An index is a physical structure containing pointers to the data. Indices are created in an existing
table to locate rows more quickly and efficiently. It is possible to create an index on one or more
columns of a table, and each index is given a name. The users cannot see the indexes; they are
just used to speed up queries. Effective indexes are one of the best ways to improve performance
in a database application. A table scan happens when there is no index available to help a query.
In a table scan SQL Server examines every row in the table to satisfy the query results. Table
scans are sometimes unavoidable, but on large tables, scans have a terrific impact on
performance.
11. What is a Linked Server?
Linked Servers is a concept in SQL Server by which we can add other SQL Server to a Group and
query both the SQL Server dbs using T-SQL Statements. With a linked server, you can create very
clean, easy to follow, SQL statements that allow remote data to be retrieved, joined and combined
with local data. Stored Procedure sp_addlinkedserver, sp_addlinkedsrvlogin will be used add new
Linked Server.
12. What is Cursor?
Cursor is a database object used by applications to manipulate data in a set on a row-by- row
basis, instead of the typical SQL commands that operate on all the rows in the set at one time.
In order to work with a cursor we need to perform some steps in the following order:

1.

Declare cursor

2.

Open cursor

3.

Fetch row from the cursor

4.

Process fetched row

5.

Close cursor

6.

Deallocate cursor

. What is Collation?
Collation refers to a set of rules that determine how data is sorted and compared.
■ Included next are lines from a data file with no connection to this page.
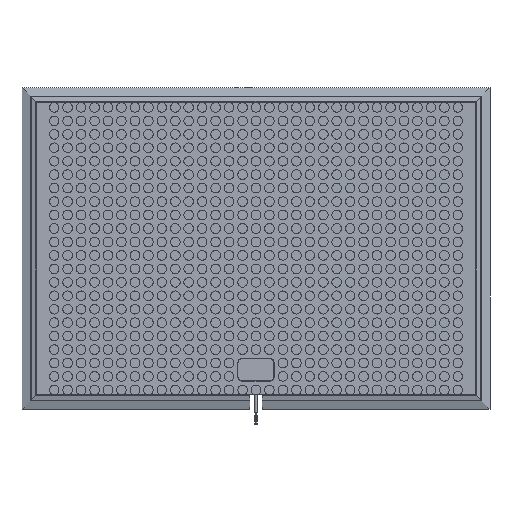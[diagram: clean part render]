
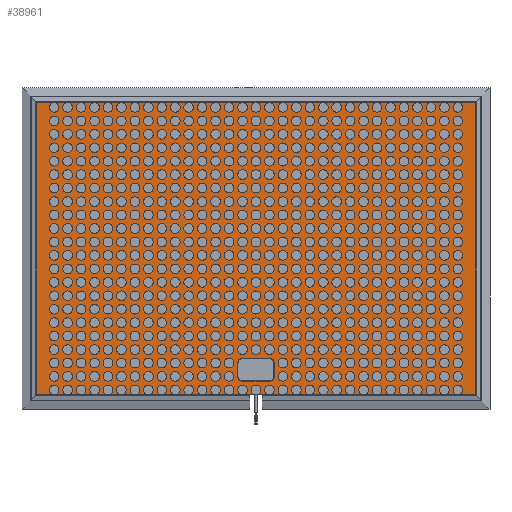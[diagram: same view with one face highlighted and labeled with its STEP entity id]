
A CAD part, front view. The second image highlights one B-rep face of the part: STEP entity #38961.
In plain terms, the highlighted face is planar.
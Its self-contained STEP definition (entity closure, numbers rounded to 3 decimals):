
#7 = CARTESIAN_POINT ( 'NONE',  ( -38., 12., -266.5 ) ) ;
#1499 = ORIENTED_EDGE ( 'NONE', *, *, #33723, .T. ) ;
#1633 = LINE ( 'NONE', #2053, #47476 ) ;
#2053 = CARTESIAN_POINT ( 'NONE',  ( -28., 12., -276.5 ) ) ;
#2688 = VERTEX_POINT ( 'NONE', #65114 ) ;
#4731 = DIRECTION ( 'NONE',  ( 0., -1., 0. ) ) ;
#6105 = AXIS2_PLACEMENT_3D ( 'NONE', #10596, #4731, #71402 ) ;
#6527 = LINE ( 'NONE', #43609, #31216 ) ;
#6663 = EDGE_CURVE ( 'NONE', #62290, #25995, #8310, .T. ) ;
#7767 = CIRCLE ( 'NONE', #26623, 10. ) ;
#7807 = EDGE_LOOP ( 'NONE', ( #17193, #55066, #56574, #19128, #67046, #40462, #60843, #74388 ) ) ;
#7992 = VECTOR ( 'NONE', #39918, 1000. ) ;
#8310 = LINE ( 'NONE', #32436, #39426 ) ;
#10596 = CARTESIAN_POINT ( 'NONE',  ( 0., 12., 0. ) ) ;
#11264 = EDGE_CURVE ( 'NONE', #66316, #34668, #47007, .T. ) ;
#11488 = CARTESIAN_POINT ( 'NONE',  ( -28., 12., -238.5 ) ) ;
#12346 = CIRCLE ( 'NONE', #62835, 10. ) ;
#14048 = VECTOR ( 'NONE', #42114, 1000. ) ;
#14138 = CARTESIAN_POINT ( 'NONE',  ( 28., 12., -266.5 ) ) ;
#14247 = CARTESIAN_POINT ( 'NONE',  ( -38., 12., -238.5 ) ) ;
#15026 = CARTESIAN_POINT ( 'NONE',  ( 28., 12., -276.5 ) ) ;
#15197 = VECTOR ( 'NONE', #46919, 1000. ) ;
#17193 = ORIENTED_EDGE ( 'NONE', *, *, #24864, .F. ) ;
#17477 = EDGE_CURVE ( 'NONE', #2688, #52126, #7767, .T. ) ;
#18027 = LINE ( 'NONE', #36611, #14048 ) ;
#18807 = EDGE_CURVE ( 'NONE', #37287, #2688, #44262, .T. ) ;
#19128 = ORIENTED_EDGE ( 'NONE', *, *, #48824, .F. ) ;
#21594 = EDGE_CURVE ( 'NONE', #74002, #37287, #57582, .T. ) ;
#22200 = EDGE_CURVE ( 'NONE', #25995, #40795, #6527, .T. ) ;
#22441 = LINE ( 'NONE', #46520, #15197 ) ;
#24864 = EDGE_CURVE ( 'NONE', #25675, #74002, #1633, .T. ) ;
#25675 = VERTEX_POINT ( 'NONE', #15026 ) ;
#25995 = VERTEX_POINT ( 'NONE', #74210 ) ;
#26036 = VERTEX_POINT ( 'NONE', #27959 ) ;
#26367 = DIRECTION ( 'NONE',  ( 0., 0., -1. ) ) ;
#26623 = AXIS2_PLACEMENT_3D ( 'NONE', #11488, #35216, #40709 ) ;
#27095 = EDGE_CURVE ( 'NONE', #52126, #49728, #18027, .T. ) ;
#27959 = CARTESIAN_POINT ( 'NONE',  ( 457., 12., 304.5 ) ) ;
#28983 = CARTESIAN_POINT ( 'NONE',  ( -28., 12., -228.5 ) ) ;
#29257 = CARTESIAN_POINT ( 'NONE',  ( -28., 12., -276.5 ) ) ;
#30781 = DIRECTION ( 'NONE',  ( 0., 0., 1. ) ) ;
#31115 = AXIS2_PLACEMENT_3D ( 'NONE', #75263, #63436, #51930 ) ;
#31166 = DIRECTION ( 'NONE',  ( 0., 1., 0. ) ) ;
#31216 = VECTOR ( 'NONE', #31418, 1000. ) ;
#31418 = DIRECTION ( 'NONE',  ( 0., 0., 1. ) ) ;
#31507 = CARTESIAN_POINT ( 'NONE',  ( -457., 12., 304.5 ) ) ;
#32436 = CARTESIAN_POINT ( 'NONE',  ( -457., 12., -304.5 ) ) ;
#33723 = EDGE_CURVE ( 'NONE', #26036, #62290, #61568, .T. ) ;
#34668 = VERTEX_POINT ( 'NONE', #73884 ) ;
#35216 = DIRECTION ( 'NONE',  ( 0., 1., 0. ) ) ;
#36533 = CARTESIAN_POINT ( 'NONE',  ( 38., 12., -238.5 ) ) ;
#36611 = CARTESIAN_POINT ( 'NONE',  ( -28., 12., -228.5 ) ) ;
#37287 = VERTEX_POINT ( 'NONE', #7 ) ;
#38061 = EDGE_LOOP ( 'NONE', ( #1499, #72861, #40501, #61914 ) ) ;
#38161 = CIRCLE ( 'NONE', #62139, 10. ) ;
#38961 = ADVANCED_FACE ( 'NONE', ( #58851, #64732 ), #47322, .F. ) ;
#39426 = VECTOR ( 'NONE', #50519, 1000. ) ;
#39918 = DIRECTION ( 'NONE',  ( 0., 0., -1. ) ) ;
#40462 = ORIENTED_EDGE ( 'NONE', *, *, #17477, .F. ) ;
#40501 = ORIENTED_EDGE ( 'NONE', *, *, #22200, .T. ) ;
#40709 = DIRECTION ( 'NONE',  ( 0., 0., -1. ) ) ;
#40795 = VERTEX_POINT ( 'NONE', #31507 ) ;
#42114 = DIRECTION ( 'NONE',  ( 1., 0., 0. ) ) ;
#43609 = CARTESIAN_POINT ( 'NONE',  ( -457., 12., 304.5 ) ) ;
#44262 = LINE ( 'NONE', #14247, #54736 ) ;
#44829 = EDGE_CURVE ( 'NONE', #34668, #25675, #12346, .T. ) ;
#45405 = DIRECTION ( 'NONE',  ( 0., 0., 1. ) ) ;
#46520 = CARTESIAN_POINT ( 'NONE',  ( -457., 12., 304.5 ) ) ;
#46919 = DIRECTION ( 'NONE',  ( 1., 0., 0. ) ) ;
#47007 = LINE ( 'NONE', #75846, #7992 ) ;
#47322 = PLANE ( 'NONE',  #6105 ) ;
#47476 = VECTOR ( 'NONE', #68330, 1000. ) ;
#47677 = EDGE_CURVE ( 'NONE', #40795, #26036, #22441, .T. ) ;
#48824 = EDGE_CURVE ( 'NONE', #49728, #66316, #38161, .T. ) ;
#49320 = CARTESIAN_POINT ( 'NONE',  ( 457., 12., -304.5 ) ) ;
#49728 = VERTEX_POINT ( 'NONE', #50755 ) ;
#50519 = DIRECTION ( 'NONE',  ( -1., 0., 0. ) ) ;
#50755 = CARTESIAN_POINT ( 'NONE',  ( 28., 12., -228.5 ) ) ;
#51930 = DIRECTION ( 'NONE',  ( 0., 0., -1. ) ) ;
#52126 = VERTEX_POINT ( 'NONE', #28983 ) ;
#54736 = VECTOR ( 'NONE', #45405, 1000. ) ;
#55066 = ORIENTED_EDGE ( 'NONE', *, *, #44829, .F. ) ;
#56574 = ORIENTED_EDGE ( 'NONE', *, *, #11264, .F. ) ;
#57582 = CIRCLE ( 'NONE', #31115, 10. ) ;
#58851 = FACE_BOUND ( 'NONE', #7807, .T. ) ;
#60843 = ORIENTED_EDGE ( 'NONE', *, *, #18807, .F. ) ;
#61568 = LINE ( 'NONE', #67856, #71143 ) ;
#61914 = ORIENTED_EDGE ( 'NONE', *, *, #47677, .T. ) ;
#61944 = DIRECTION ( 'NONE',  ( 0., 0., -1. ) ) ;
#61962 = CARTESIAN_POINT ( 'NONE',  ( 28., 12., -238.5 ) ) ;
#62139 = AXIS2_PLACEMENT_3D ( 'NONE', #61962, #31166, #30781 ) ;
#62290 = VERTEX_POINT ( 'NONE', #49320 ) ;
#62835 = AXIS2_PLACEMENT_3D ( 'NONE', #14138, #74569, #26367 ) ;
#63436 = DIRECTION ( 'NONE',  ( 0., 1., 0. ) ) ;
#64732 = FACE_OUTER_BOUND ( 'NONE', #38061, .T. ) ;
#65114 = CARTESIAN_POINT ( 'NONE',  ( -38., 12., -238.5 ) ) ;
#66316 = VERTEX_POINT ( 'NONE', #36533 ) ;
#67046 = ORIENTED_EDGE ( 'NONE', *, *, #27095, .F. ) ;
#67856 = CARTESIAN_POINT ( 'NONE',  ( 457., 12., 304.5 ) ) ;
#68330 = DIRECTION ( 'NONE',  ( -1., 0., 0. ) ) ;
#71143 = VECTOR ( 'NONE', #61944, 1000. ) ;
#71402 = DIRECTION ( 'NONE',  ( 0., 0., -1. ) ) ;
#72861 = ORIENTED_EDGE ( 'NONE', *, *, #6663, .T. ) ;
#73884 = CARTESIAN_POINT ( 'NONE',  ( 38., 12., -266.5 ) ) ;
#74002 = VERTEX_POINT ( 'NONE', #29257 ) ;
#74210 = CARTESIAN_POINT ( 'NONE',  ( -457., 12., -304.5 ) ) ;
#74388 = ORIENTED_EDGE ( 'NONE', *, *, #21594, .F. ) ;
#74569 = DIRECTION ( 'NONE',  ( 0., 1., 0. ) ) ;
#75263 = CARTESIAN_POINT ( 'NONE',  ( -28., 12., -266.5 ) ) ;
#75846 = CARTESIAN_POINT ( 'NONE',  ( 38., 12., -238.5 ) ) ;
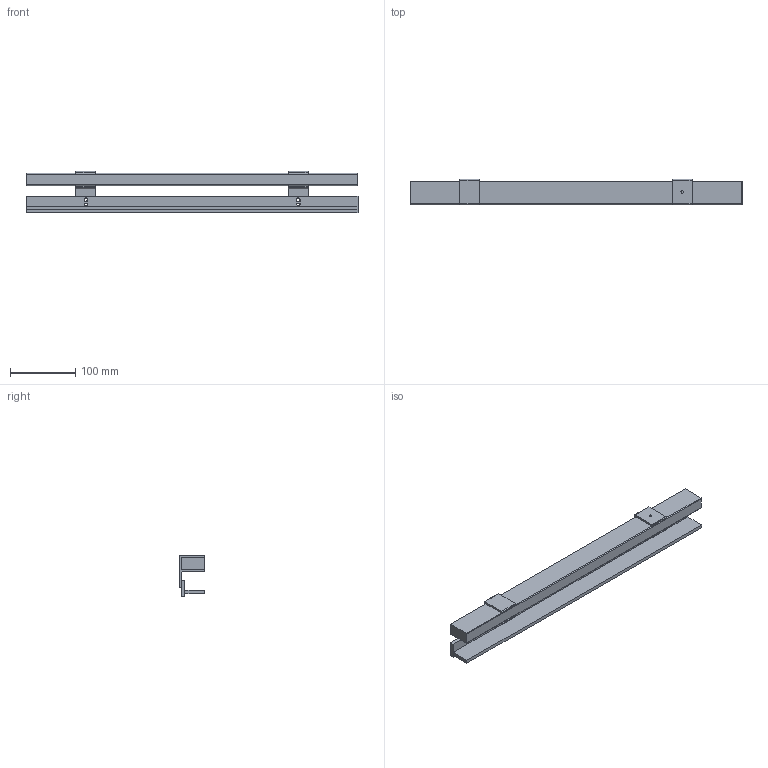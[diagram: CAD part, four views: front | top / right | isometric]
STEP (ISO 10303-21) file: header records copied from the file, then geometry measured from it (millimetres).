
FILE_DESCRIPTION(/* description */ ('','CAx-IF Rec.Pracs.---Representation and Presentation of Product Manufacturing Information (PMI)---4.0---2014-10-13'),/* implementation_level */ '2;1');
FILE_NAME(/* name */ 'GraphBotMount.step',/* time_stamp */ '2025-03-14T14:23:54-07:00',/* author */ (''),/* organization */ (''),/* preprocessor_version */ 'ST-DEVELOPER v20',/* originating_system */ 'Autodesk Translation Framework v13.20.0.188',/* authorisation */ '');
FILE_SCHEMA (('AP242_MANAGED_MODEL_BASED_3D_ENGINEERING_MIM_LF { 1 0 10303 442 1 1 4 }'));
Length unit declared in the file: millimetre
Products named in the file (5): GraphBot; Mount; WoodBracket; LedStripHolder; Mount(Mirror)
Assembly tree (4 placements, depth 2):
  GraphBot
    Mount
    WoodBracket
    LedStripHolder
    Mount(Mirror)
Bounding box: 508.24 x 38.5 x 62.85 mm (x, y, z)
Volume: 508010.8 mm3; surface area: 140581.8 mm2
Topology: 5 solids, 5 shells, 111 faces, 303 edges, 202 vertices
Faces by surface type: plane 84, cylinder 26, cone 1
Entity records: 3688 total; most frequent: CARTESIAN_POINT 624, ORIENTED_EDGE 604, DIRECTION 595, EDGE_CURVE 302, LINE 249, VECTOR 249, VERTEX_POINT 202, AXIS2_PLACEMENT_3D 173
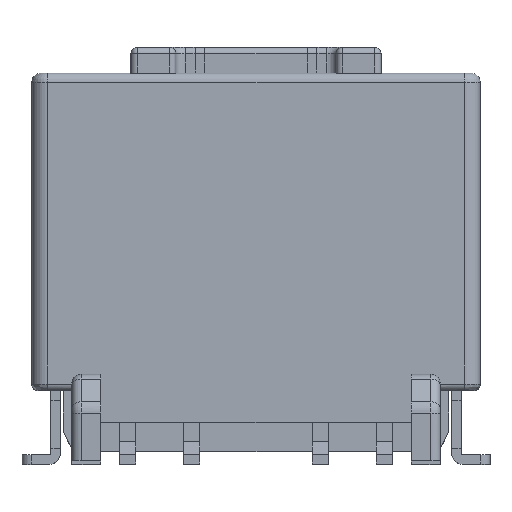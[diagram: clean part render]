
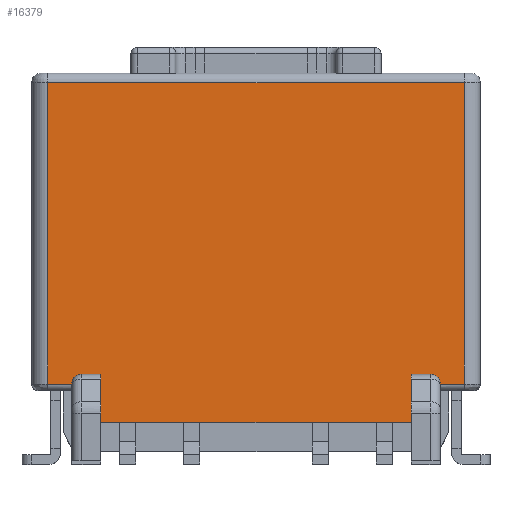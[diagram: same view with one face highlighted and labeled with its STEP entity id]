
A CAD part, top view. The second image highlights one B-rep face of the part: STEP entity #16379.
In plain terms, the highlighted planar face has unit normal (0, 0, 1).
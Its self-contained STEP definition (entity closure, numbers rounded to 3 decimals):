
#376 = VECTOR ( 'NONE', #16001, 1000. ) ;
#675 = ORIENTED_EDGE ( 'NONE', *, *, #9148, .F. ) ;
#701 = CARTESIAN_POINT ( 'NONE',  ( 4.85, 1.3, 2.7 ) ) ;
#1522 = ORIENTED_EDGE ( 'NONE', *, *, #5142, .T. ) ;
#1644 = VERTEX_POINT ( 'NONE', #29064 ) ;
#1899 = VECTOR ( 'NONE', #12669, 1000. ) ;
#2247 = DIRECTION ( 'NONE',  ( 0., -1., 0. ) ) ;
#2384 = FACE_OUTER_BOUND ( 'NONE', #28126, .T. ) ;
#2710 = CARTESIAN_POINT ( 'NONE',  ( 4.85, 1.3, 2.7 ) ) ;
#3419 = LINE ( 'NONE', #25646, #376 ) ;
#3724 = VECTOR ( 'NONE', #2247, 1000. ) ;
#5142 = EDGE_CURVE ( 'NONE', #13396, #7517, #24805, .T. ) ;
#6014 = VERTEX_POINT ( 'NONE', #18384 ) ;
#6049 = EDGE_CURVE ( 'NONE', #25894, #10949, #10025, .T. ) ;
#6421 = VERTEX_POINT ( 'NONE', #25516 ) ;
#6559 = CARTESIAN_POINT ( 'NONE',  ( 6.05, 2.8, 2.7 ) ) ;
#7169 = VERTEX_POINT ( 'NONE', #2710 ) ;
#7450 = CARTESIAN_POINT ( 'NONE',  ( -5.75, 2.5, 2.7 ) ) ;
#7517 = VERTEX_POINT ( 'NONE', #17036 ) ;
#7543 = LINE ( 'NONE', #22131, #22336 ) ;
#7565 = DIRECTION ( 'NONE',  ( 1., 0., 0. ) ) ;
#8012 = VECTOR ( 'NONE', #7565, 1000. ) ;
#8312 = DIRECTION ( 'NONE',  ( 0., 0., -1. ) ) ;
#8500 = CARTESIAN_POINT ( 'NONE',  ( -4.85, 1.3, 2.7 ) ) ;
#8783 = DIRECTION ( 'NONE',  ( 1., 0., 0. ) ) ;
#9148 = EDGE_CURVE ( 'NONE', #7169, #25090, #22886, .T. ) ;
#9394 = LINE ( 'NONE', #26373, #13322 ) ;
#9876 = EDGE_CURVE ( 'NONE', #6014, #27801, #9394, .T. ) ;
#9933 = LINE ( 'NONE', #12192, #14686 ) ;
#10025 = CIRCLE ( 'NONE', #26397, 0.3 ) ;
#10391 = DIRECTION ( 'NONE',  ( -1., 0., 0. ) ) ;
#10591 = LINE ( 'NONE', #8500, #28559 ) ;
#10949 = VERTEX_POINT ( 'NONE', #24140 ) ;
#10988 = AXIS2_PLACEMENT_3D ( 'NONE', #12444, #22224, #17078 ) ;
#11663 = EDGE_CURVE ( 'NONE', #6421, #7169, #14771, .T. ) ;
#11710 = EDGE_CURVE ( 'NONE', #10949, #6014, #20043, .T. ) ;
#11867 = EDGE_CURVE ( 'NONE', #29823, #13396, #3419, .T. ) ;
#12040 = VECTOR ( 'NONE', #10391, 1000. ) ;
#12122 = DIRECTION ( 'NONE',  ( 0., 1., 0. ) ) ;
#12192 = CARTESIAN_POINT ( 'NONE',  ( 6.05, 2.8, 2.7 ) ) ;
#12444 = CARTESIAN_POINT ( 'NONE',  ( -5.45, 2.5, 2.7 ) ) ;
#12669 = DIRECTION ( 'NONE',  ( 0., -1., 0. ) ) ;
#13322 = VECTOR ( 'NONE', #12122, 1000. ) ;
#13396 = VERTEX_POINT ( 'NONE', #7450 ) ;
#14686 = VECTOR ( 'NONE', #27077, 1000. ) ;
#14771 = LINE ( 'NONE', #701, #1899 ) ;
#14976 = CARTESIAN_POINT ( 'NONE',  ( -6.5, 2.8, 2.7 ) ) ;
#15589 = EDGE_CURVE ( 'NONE', #15872, #29823, #17375, .T. ) ;
#15814 = CARTESIAN_POINT ( 'NONE',  ( -6.05, 1.3, 2.7 ) ) ;
#15872 = VERTEX_POINT ( 'NONE', #17175 ) ;
#15972 = LINE ( 'NONE', #6559, #24282 ) ;
#16001 = DIRECTION ( 'NONE',  ( 1., 0., 0. ) ) ;
#16379 = ADVANCED_FACE ( 'NONE', ( #2384 ), #28451, .T. ) ;
#16592 = CARTESIAN_POINT ( 'NONE',  ( 6.05, 2.8, 2.7 ) ) ;
#17036 = CARTESIAN_POINT ( 'NONE',  ( -5.45, 2.8, 2.7 ) ) ;
#17078 = DIRECTION ( 'NONE',  ( 0., 1., 0. ) ) ;
#17175 = CARTESIAN_POINT ( 'NONE',  ( -6.5, 11.9, 2.7 ) ) ;
#17375 = LINE ( 'NONE', #14976, #3724 ) ;
#18067 = DIRECTION ( 'NONE',  ( 0., 1., 0. ) ) ;
#18094 = ORIENTED_EDGE ( 'NONE', *, *, #26829, .T. ) ;
#18344 = ORIENTED_EDGE ( 'NONE', *, *, #11867, .T. ) ;
#18384 = CARTESIAN_POINT ( 'NONE',  ( 6.5, 2.5, 2.7 ) ) ;
#19545 = CARTESIAN_POINT ( 'NONE',  ( -4.85, 1.3, 2.7 ) ) ;
#20043 = LINE ( 'NONE', #29817, #8012 ) ;
#22131 = CARTESIAN_POINT ( 'NONE',  ( 6.05, 11.9, 2.7 ) ) ;
#22224 = DIRECTION ( 'NONE',  ( 0., 0., -1. ) ) ;
#22336 = VECTOR ( 'NONE', #27081, 1000. ) ;
#22792 = ORIENTED_EDGE ( 'NONE', *, *, #6049, .T. ) ;
#22886 = LINE ( 'NONE', #15814, #12040 ) ;
#23425 = CARTESIAN_POINT ( 'NONE',  ( 5.45, 2.8, 2.7 ) ) ;
#23981 = DIRECTION ( 'NONE',  ( 0., -1., 0. ) ) ;
#24107 = AXIS2_PLACEMENT_3D ( 'NONE', #16592, #31510, #23981 ) ;
#24140 = CARTESIAN_POINT ( 'NONE',  ( 5.75, 2.5, 2.7 ) ) ;
#24282 = VECTOR ( 'NONE', #8783, 1000. ) ;
#24805 = CIRCLE ( 'NONE', #10988, 0.3 ) ;
#25090 = VERTEX_POINT ( 'NONE', #19545 ) ;
#25506 = ORIENTED_EDGE ( 'NONE', *, *, #30915, .T. ) ;
#25516 = CARTESIAN_POINT ( 'NONE',  ( 4.85, 2.8, 2.7 ) ) ;
#25646 = CARTESIAN_POINT ( 'NONE',  ( 6.05, 2.5, 2.7 ) ) ;
#25894 = VERTEX_POINT ( 'NONE', #23425 ) ;
#25954 = ORIENTED_EDGE ( 'NONE', *, *, #9876, .T. ) ;
#26080 = EDGE_CURVE ( 'NONE', #27801, #15872, #7543, .T. ) ;
#26373 = CARTESIAN_POINT ( 'NONE',  ( 6.5, 2.8, 2.7 ) ) ;
#26397 = AXIS2_PLACEMENT_3D ( 'NONE', #30565, #8312, #18067 ) ;
#26829 = EDGE_CURVE ( 'NONE', #7517, #1644, #9933, .T. ) ;
#27077 = DIRECTION ( 'NONE',  ( 1., 0., 0. ) ) ;
#27081 = DIRECTION ( 'NONE',  ( -1., 0., 0. ) ) ;
#27096 = ORIENTED_EDGE ( 'NONE', *, *, #11663, .F. ) ;
#27573 = DIRECTION ( 'NONE',  ( 0., 1., 0. ) ) ;
#27801 = VERTEX_POINT ( 'NONE', #31303 ) ;
#28053 = ORIENTED_EDGE ( 'NONE', *, *, #15589, .T. ) ;
#28066 = ORIENTED_EDGE ( 'NONE', *, *, #30329, .F. ) ;
#28126 = EDGE_LOOP ( 'NONE', ( #28066, #675, #27096, #25506, #22792, #29172, #25954, #30210, #28053, #18344, #1522, #18094 ) ) ;
#28451 = PLANE ( 'NONE',  #24107 ) ;
#28559 = VECTOR ( 'NONE', #27573, 1000. ) ;
#29064 = CARTESIAN_POINT ( 'NONE',  ( -4.85, 2.8, 2.7 ) ) ;
#29172 = ORIENTED_EDGE ( 'NONE', *, *, #11710, .T. ) ;
#29817 = CARTESIAN_POINT ( 'NONE',  ( 6.05, 2.5, 2.7 ) ) ;
#29823 = VERTEX_POINT ( 'NONE', #30229 ) ;
#30210 = ORIENTED_EDGE ( 'NONE', *, *, #26080, .T. ) ;
#30229 = CARTESIAN_POINT ( 'NONE',  ( -6.5, 2.5, 2.7 ) ) ;
#30329 = EDGE_CURVE ( 'NONE', #25090, #1644, #10591, .T. ) ;
#30565 = CARTESIAN_POINT ( 'NONE',  ( 5.45, 2.5, 2.7 ) ) ;
#30915 = EDGE_CURVE ( 'NONE', #6421, #25894, #15972, .T. ) ;
#31303 = CARTESIAN_POINT ( 'NONE',  ( 6.5, 11.9, 2.7 ) ) ;
#31510 = DIRECTION ( 'NONE',  ( 0., 0., 1. ) ) ;

Character data
is sorted using rules that define the correct character sequence, with options for specifying case
sensitivity, accent marks, kana character types and character width.
14. What is Difference between Function and Stored Procedure?
UDF can be used in the SQL statements anywhere in the WHERE/HAVING/SELECT section where as
Stored procedures cannot be. UDFs that return tables can be treated as another rowset. This can
be used in JOINs with other tables. Inline UDF's can be thought of as views that take parameters
and can be used in JOINs and other Rowset operations.
15. What is sub-query? Explain properties of sub-query?
Sub-queries are often referred to as sub-selects, as they allow a SELECT statement to be executed
arbitrarily within the body of another SQL statement. A sub-query is executed by enclosing it in a
set of parentheses. Sub-queries are generally used to return a single row as an atomic value,
though they may be used to compare values against multiple rows with the IN keyword.
A subquery is a SELECT statement that is nested within another T-SQL statement. A subquery
SELECT statement if executed independently of the T-SQL statement, in which it is nested, will
return a resultset. Meaning a subquery SELECT statement can standalone and is not depended on
the statement in which it is nested. A subquery SELECT statement can return any number of
values, and can be found in, the column list of a SELECT statement, a FROM, GROUP BY, HAVING,
and/or ORDER BY clauses of a T-SQL statement. A Subquery can also be used as a parameter to a
function call. Basically a subquery can be used anywhere an expression can be used.
16. What are different Types of Join?
1.

Cross Join A cross join that does not have a WHERE clause produces the Cartesian
product of the tables involved in the join. The size of a Cartesian product result set is the
number of rows in the first table multiplied by the number of rows in the second table. The
common example is when company wants to combine each product with a pricing table to
analyze each product at each price.

2.

Inner Join A join that displays only the rows that have a match in both joined tables is
known as inner Join. This is the default type of join in the Query and View Designer.

3.

Outer Join A join that includes rows even if they do not have related rows in the joined
table is an Outer Join. You can create three different outer join to specify the unmatched
rows to be included:

4.

1.

Left Outer Join: In Left Outer Join all rows in the first-named table i.e. "left"
table, which appears leftmost in the JOIN clause are included. Unmatched rows in
the right table do not appear.

2.

Right Outer Join: In Right Outer Join all rows in the second-named table i.e.
"right" table, which appears rightmost in the JOIN clause are included. Unmatched
rows in the left table are not included.

3.

Full Outer Join: In Full Outer Join all rows in all joined tables are included,
whether they are matched or not.

Self Join This is a particular case when one table joins to itself, with one or two aliases to
avoid confusion. A self join can be of any type, as long as the joined tables are the same.
A self join is rather unique in that it involves a relationship with only one table. The
common example is when company has a hierarchal reporting structure whereby one
member of staff reports to another. Self Join can be Outer Join or Inner Join.

17. What are primary keys and foreign keys?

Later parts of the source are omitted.